About this exercise = Would you please write out each of the entries below exactly, omitting pictures?

┌────────

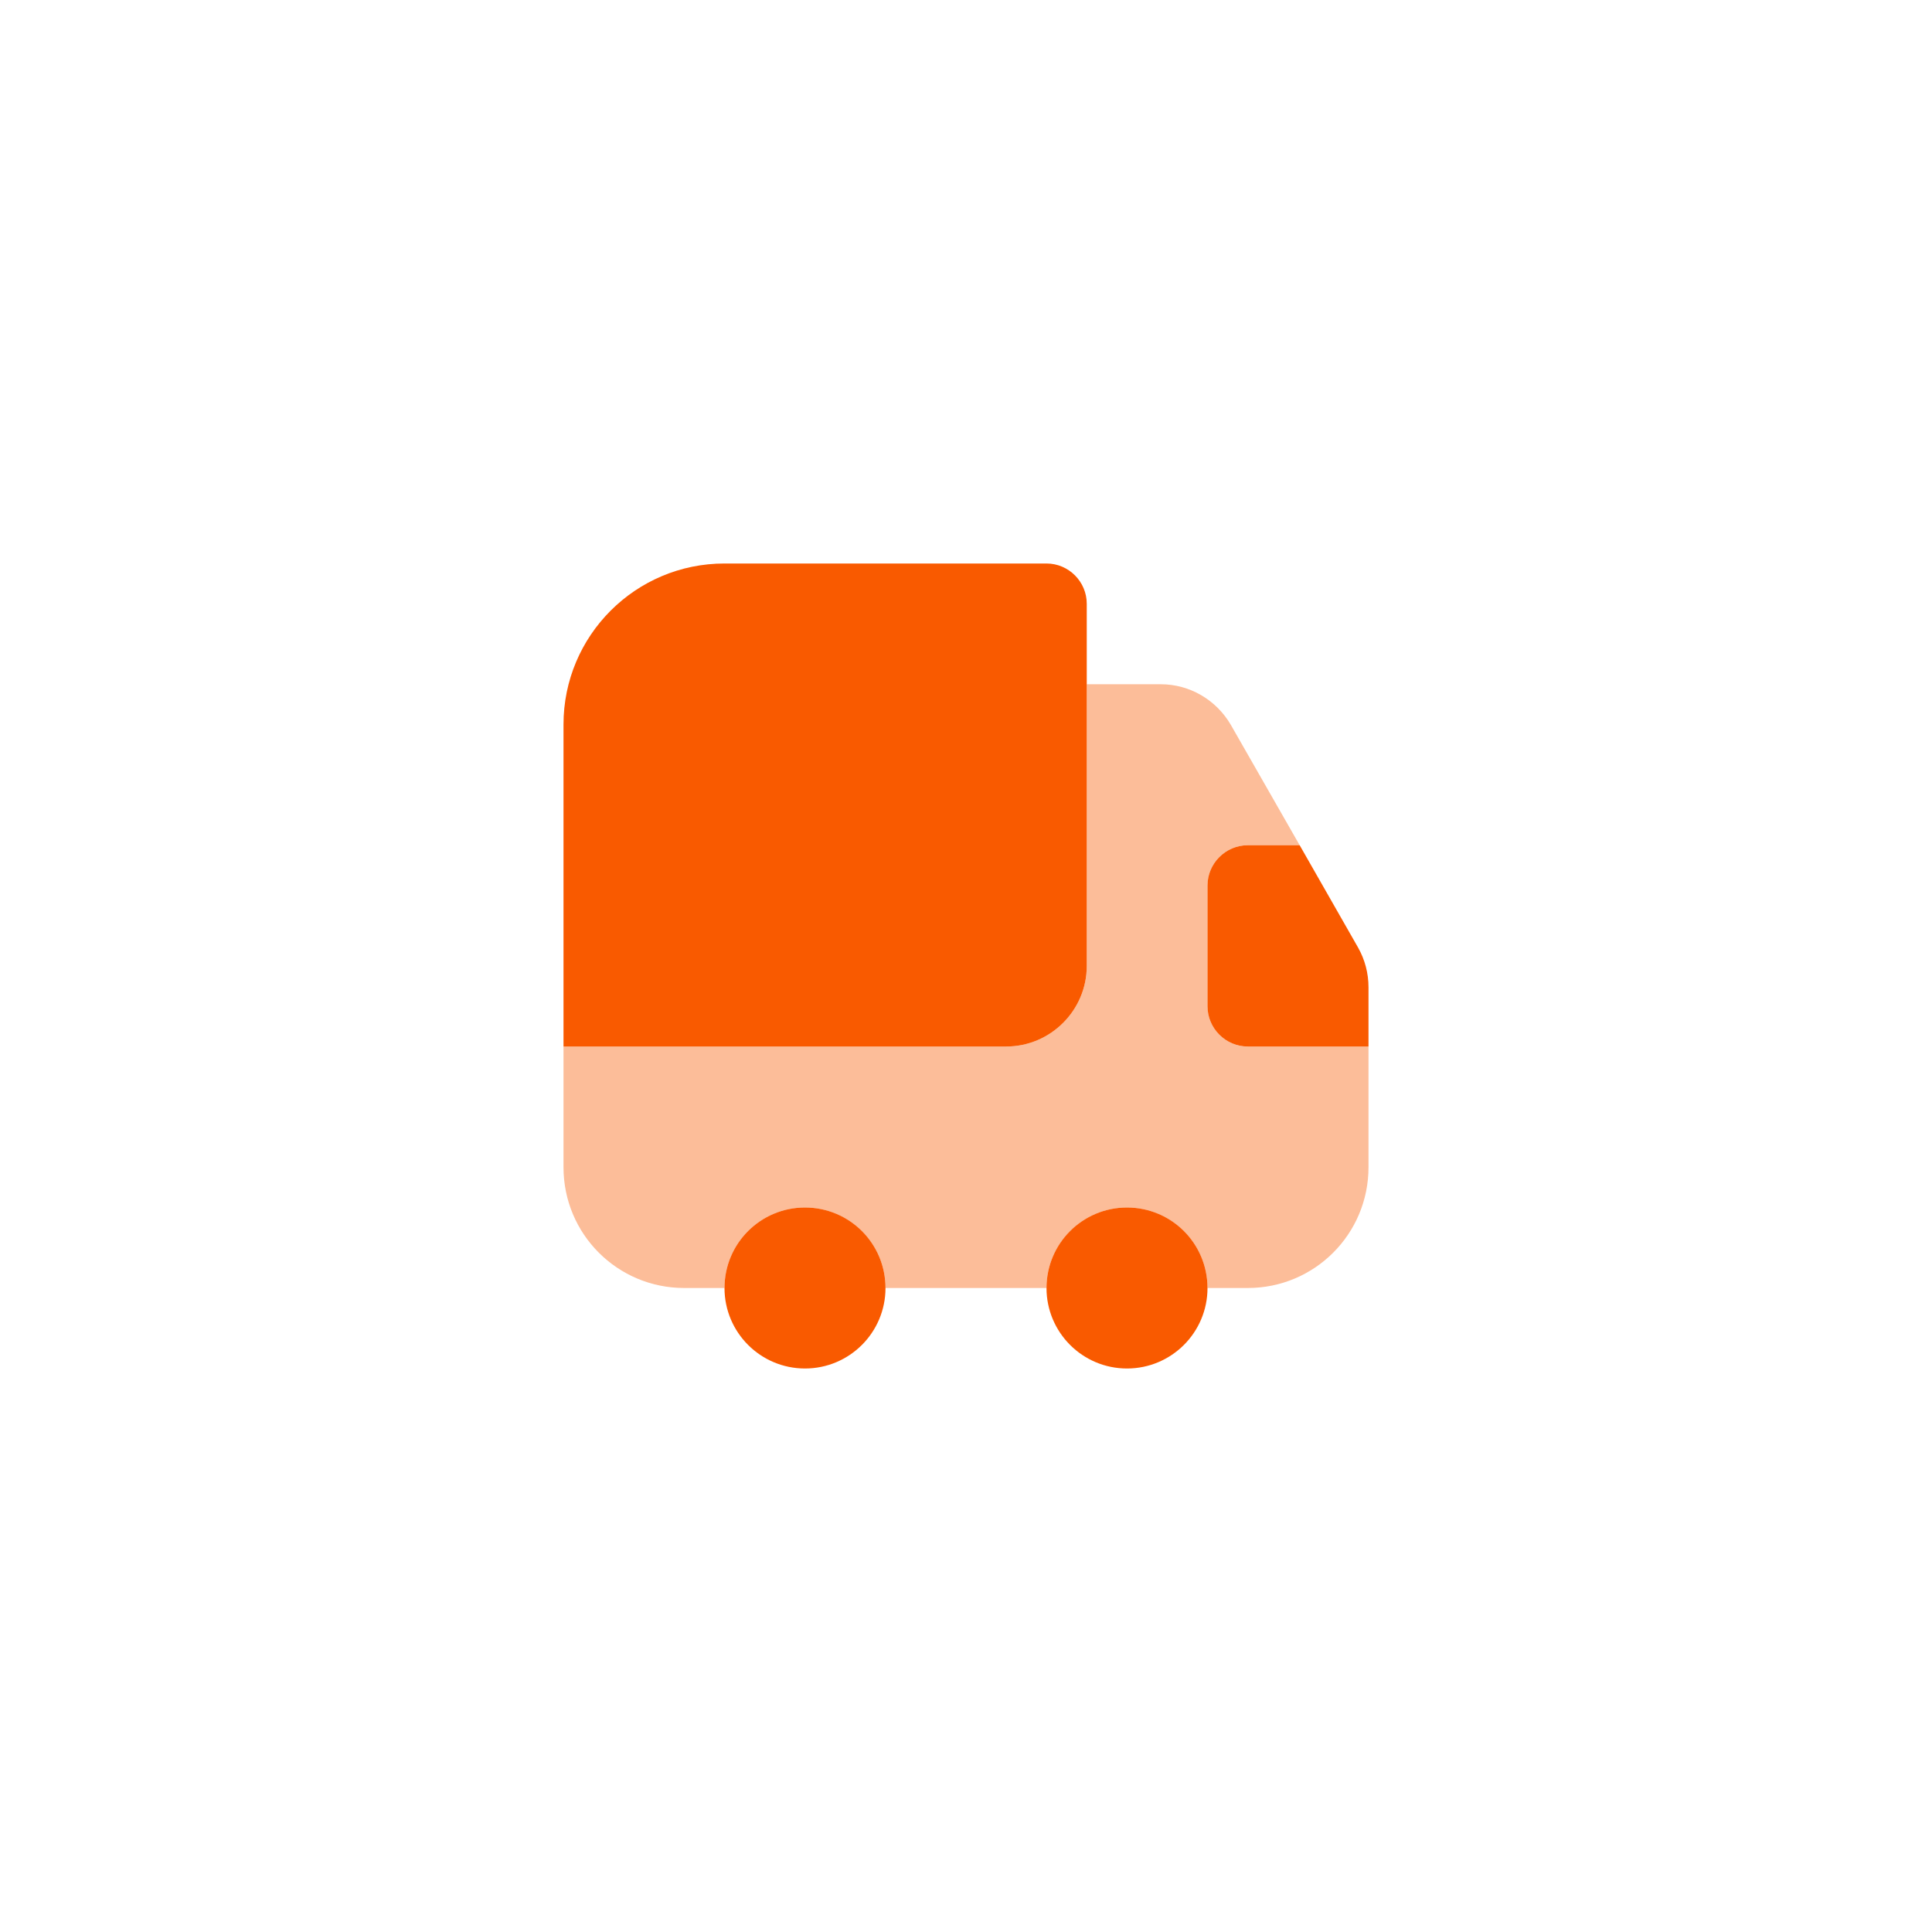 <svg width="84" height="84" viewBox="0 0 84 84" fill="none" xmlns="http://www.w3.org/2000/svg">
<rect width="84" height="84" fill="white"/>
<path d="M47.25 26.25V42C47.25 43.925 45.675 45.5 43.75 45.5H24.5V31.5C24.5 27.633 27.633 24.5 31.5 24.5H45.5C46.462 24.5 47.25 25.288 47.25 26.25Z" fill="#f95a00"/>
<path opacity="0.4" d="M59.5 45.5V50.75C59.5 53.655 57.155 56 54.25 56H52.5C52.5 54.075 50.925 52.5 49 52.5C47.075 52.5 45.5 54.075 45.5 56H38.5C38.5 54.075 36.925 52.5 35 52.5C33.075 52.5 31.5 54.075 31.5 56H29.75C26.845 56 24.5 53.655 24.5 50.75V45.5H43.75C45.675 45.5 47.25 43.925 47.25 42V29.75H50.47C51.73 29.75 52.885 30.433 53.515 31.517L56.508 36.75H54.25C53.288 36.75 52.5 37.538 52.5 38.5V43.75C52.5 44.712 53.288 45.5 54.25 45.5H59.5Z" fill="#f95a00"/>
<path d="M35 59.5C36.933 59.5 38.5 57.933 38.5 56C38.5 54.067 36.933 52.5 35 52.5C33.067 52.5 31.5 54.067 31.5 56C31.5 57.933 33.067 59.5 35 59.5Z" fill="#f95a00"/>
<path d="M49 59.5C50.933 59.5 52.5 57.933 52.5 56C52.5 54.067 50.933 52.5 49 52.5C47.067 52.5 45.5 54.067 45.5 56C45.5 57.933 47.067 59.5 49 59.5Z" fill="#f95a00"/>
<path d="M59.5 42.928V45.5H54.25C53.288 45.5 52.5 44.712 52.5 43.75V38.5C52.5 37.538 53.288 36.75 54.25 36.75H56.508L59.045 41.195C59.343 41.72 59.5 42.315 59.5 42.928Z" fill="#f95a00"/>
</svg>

└────────

Output below =
 <svg width="84" height="84" viewBox="0 0 84 84" fill="none" xmlns="http://www.w3.org/2000/svg">
<rect width="84" height="84" fill="white"/>
<path d="M47.25 26.25V42C47.25 43.925 45.675 45.5 43.75 45.5H24.5V31.5C24.5 27.633 27.633 24.5 31.5 24.5H45.5C46.462 24.5 47.25 25.288 47.25 26.25Z" fill="#f95a00"/>
<path opacity="0.4" d="M59.5 45.5V50.75C59.5 53.655 57.155 56 54.25 56H52.5C52.5 54.075 50.925 52.5 49 52.5C47.075 52.5 45.5 54.075 45.5 56H38.5C38.5 54.075 36.925 52.5 35 52.5C33.075 52.5 31.5 54.075 31.5 56H29.75C26.845 56 24.5 53.655 24.5 50.75V45.5H43.75C45.675 45.5 47.25 43.925 47.25 42V29.75H50.47C51.73 29.75 52.885 30.433 53.515 31.517L56.508 36.75H54.25C53.288 36.75 52.5 37.538 52.5 38.5V43.75C52.5 44.712 53.288 45.5 54.25 45.5H59.5Z" fill="#f95a00"/>
<path d="M35 59.5C36.933 59.5 38.5 57.933 38.5 56C38.5 54.067 36.933 52.5 35 52.5C33.067 52.5 31.5 54.067 31.5 56C31.5 57.933 33.067 59.5 35 59.5Z" fill="#f95a00"/>
<path d="M49 59.5C50.933 59.5 52.5 57.933 52.5 56C52.5 54.067 50.933 52.5 49 52.5C47.067 52.5 45.5 54.067 45.5 56C45.5 57.933 47.067 59.5 49 59.5Z" fill="#f95a00"/>
<path d="M59.5 42.928V45.5H54.25C53.288 45.5 52.5 44.712 52.5 43.75V38.5C52.5 37.538 53.288 36.75 54.25 36.75H56.508L59.045 41.195C59.343 41.72 59.5 42.315 59.5 42.928Z" fill="#f95a00"/>
</svg>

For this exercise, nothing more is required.